Leslie Neil Little, Jr. (born December 18, 1971) is a Canadian former professional ice hockey goaltender. He was a member of the Philadelphia Flyers organization nearly his entire professional career, helping backstop the Philadelphia Phantoms to two Calder Cup championships and playing in two career National Hockey League (NHL) games with the Flyers. Until 2015, he was an amateur scout for the Flyers. He is now a scout for the NHL Florida Panthers.

Playing career
Little played 4 seasons for R.P.I. (NCAA Div 1, ECAC) before starting a professional career. 

Little has played for the Hershey Bears and Philadelphia Phantoms in the AHL, as well as playing two NHL games for the Philadelphia Flyers.
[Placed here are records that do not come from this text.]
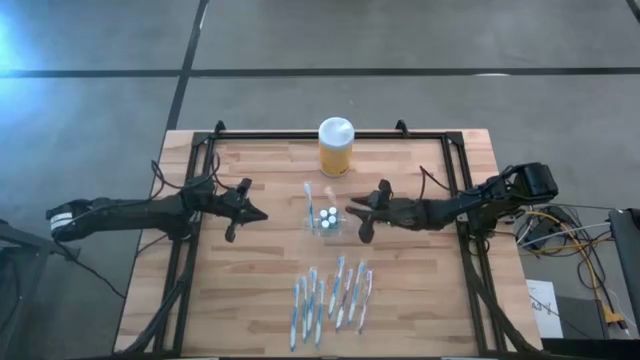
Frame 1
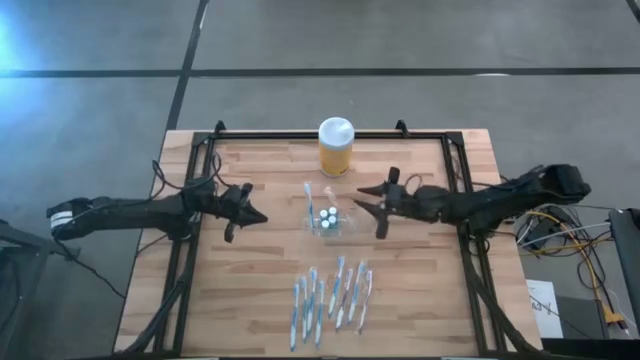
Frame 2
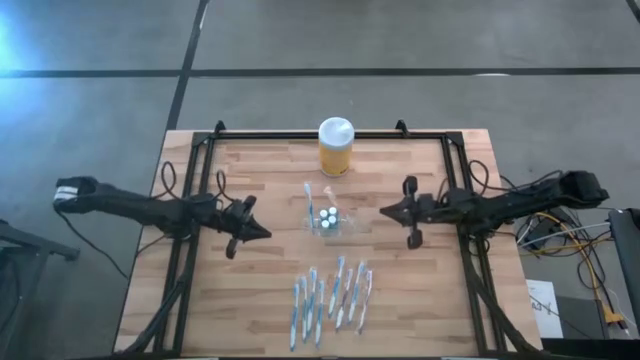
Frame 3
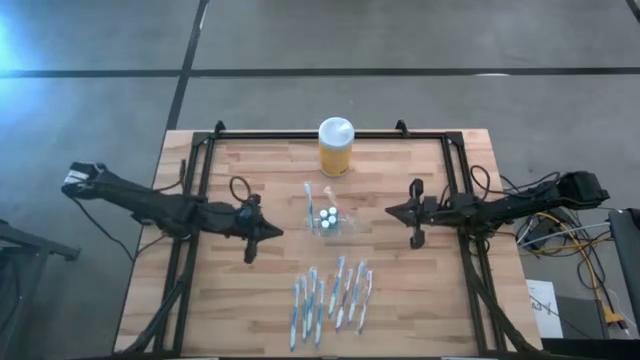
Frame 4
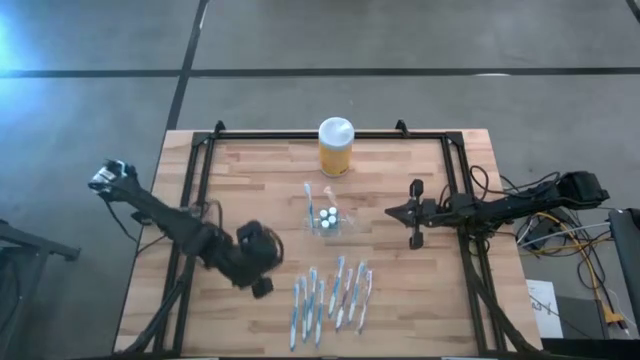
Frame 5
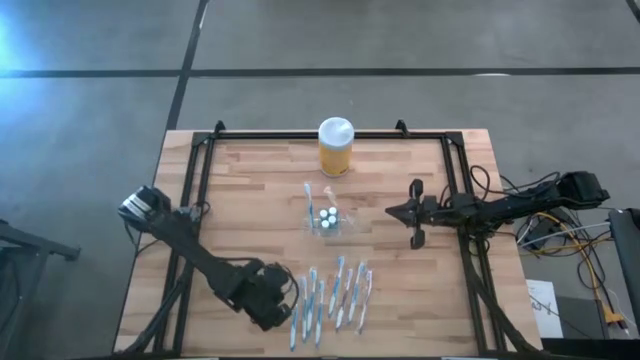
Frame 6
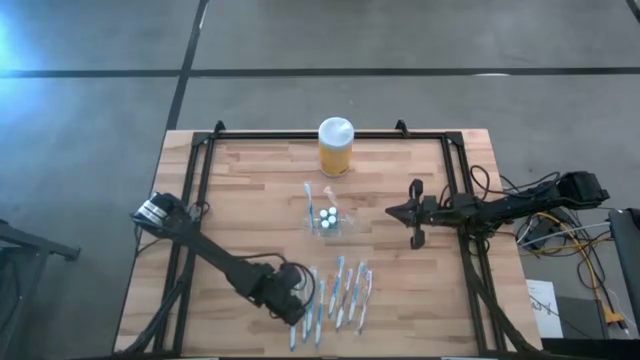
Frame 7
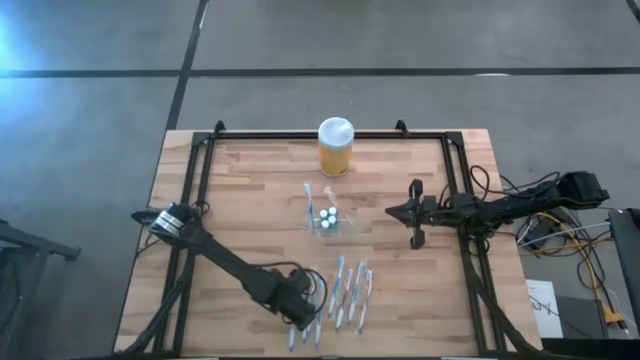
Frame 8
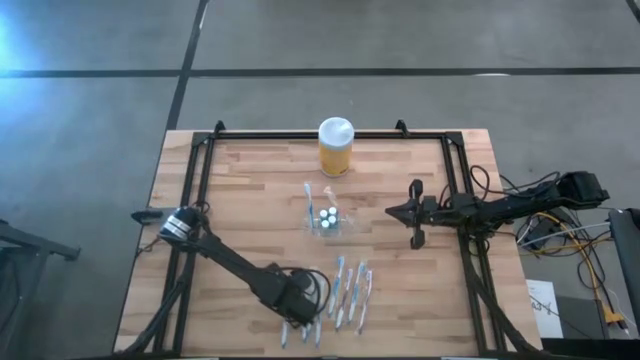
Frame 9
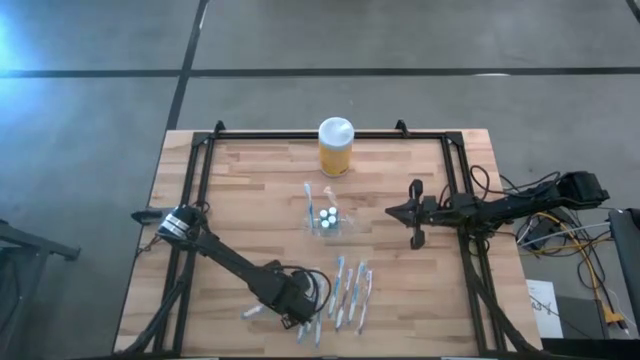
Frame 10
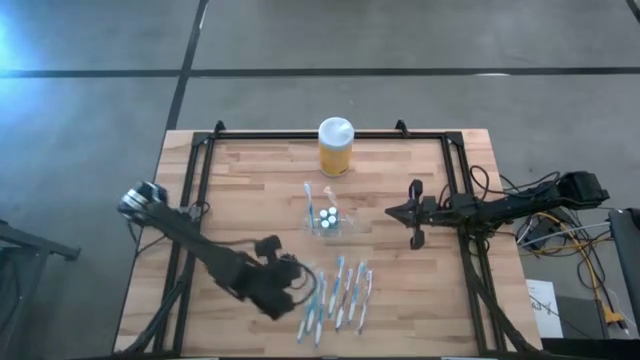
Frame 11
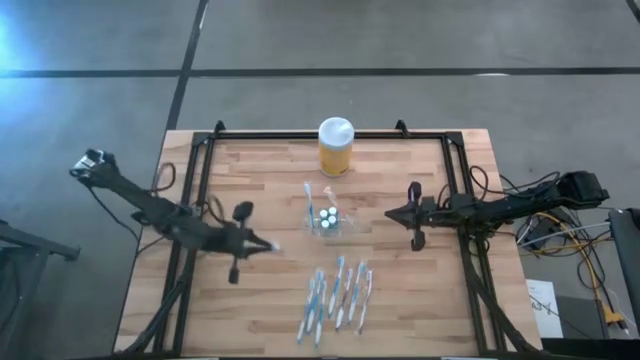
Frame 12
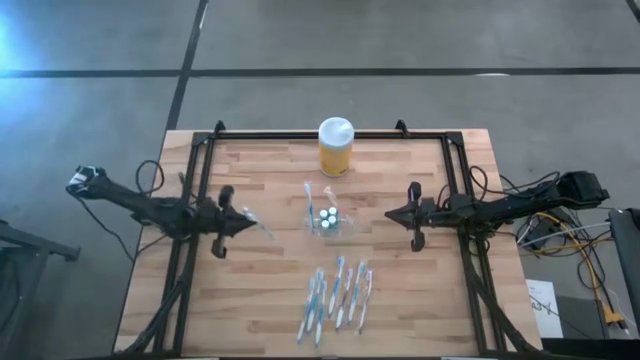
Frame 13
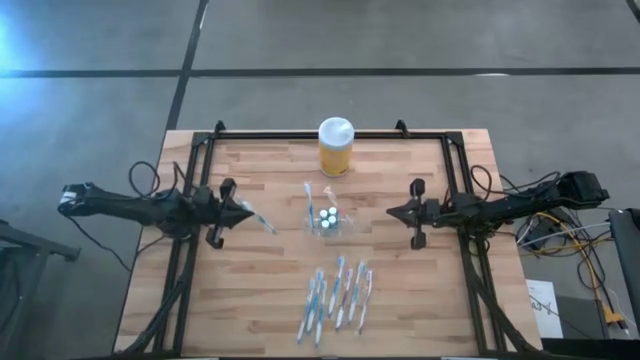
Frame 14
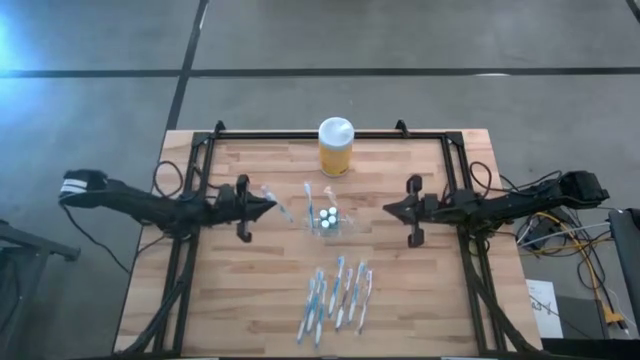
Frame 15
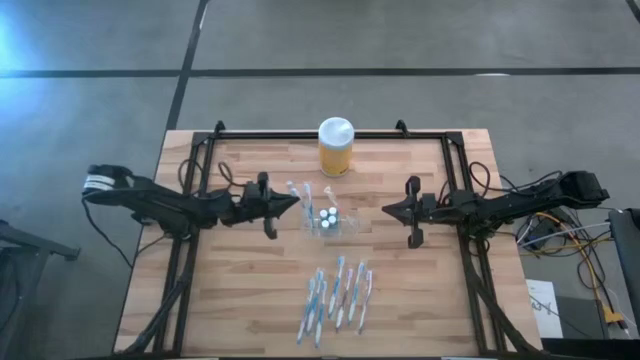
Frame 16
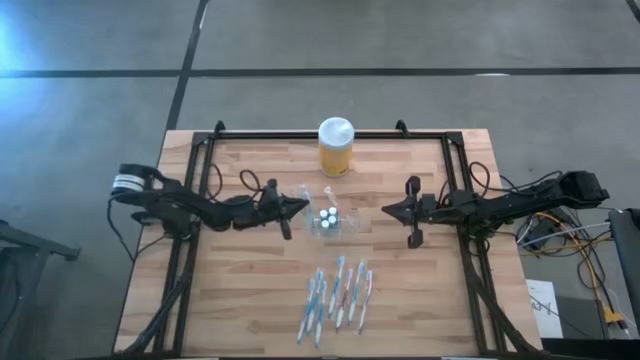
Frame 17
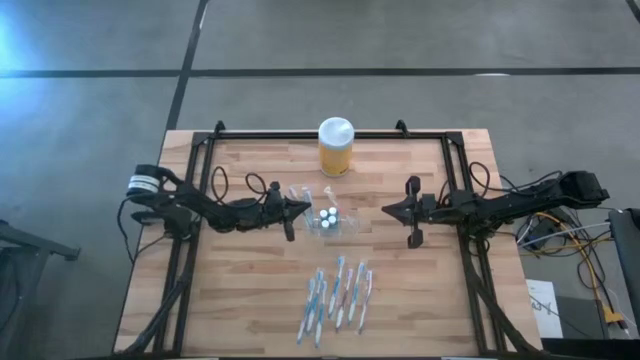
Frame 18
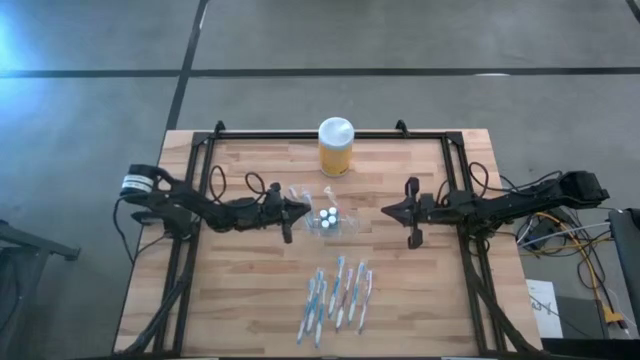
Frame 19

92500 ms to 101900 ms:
Task: Pick & Place toothbrushing station
Put the blue toothbrush into the transparent organizer

He signed with the Espoo Blues in the Finnish SM-liiga for the 2005–06 season, played there until Christmas, then finished the season in Geneva, Switzerland.

On December 28, 2003, he was the "flying goalie" in a brawl between the Phantoms and the Binghamton Senators as several players from the two teams were fighting next to the Senators' net, Little skated across the rink and dove into the crowd.

Despite only playing two career games with the Philadelphia Flyers, Little was named as one of the Flyers goaltenders for the 2012 NHL Winter Classic Alumni game.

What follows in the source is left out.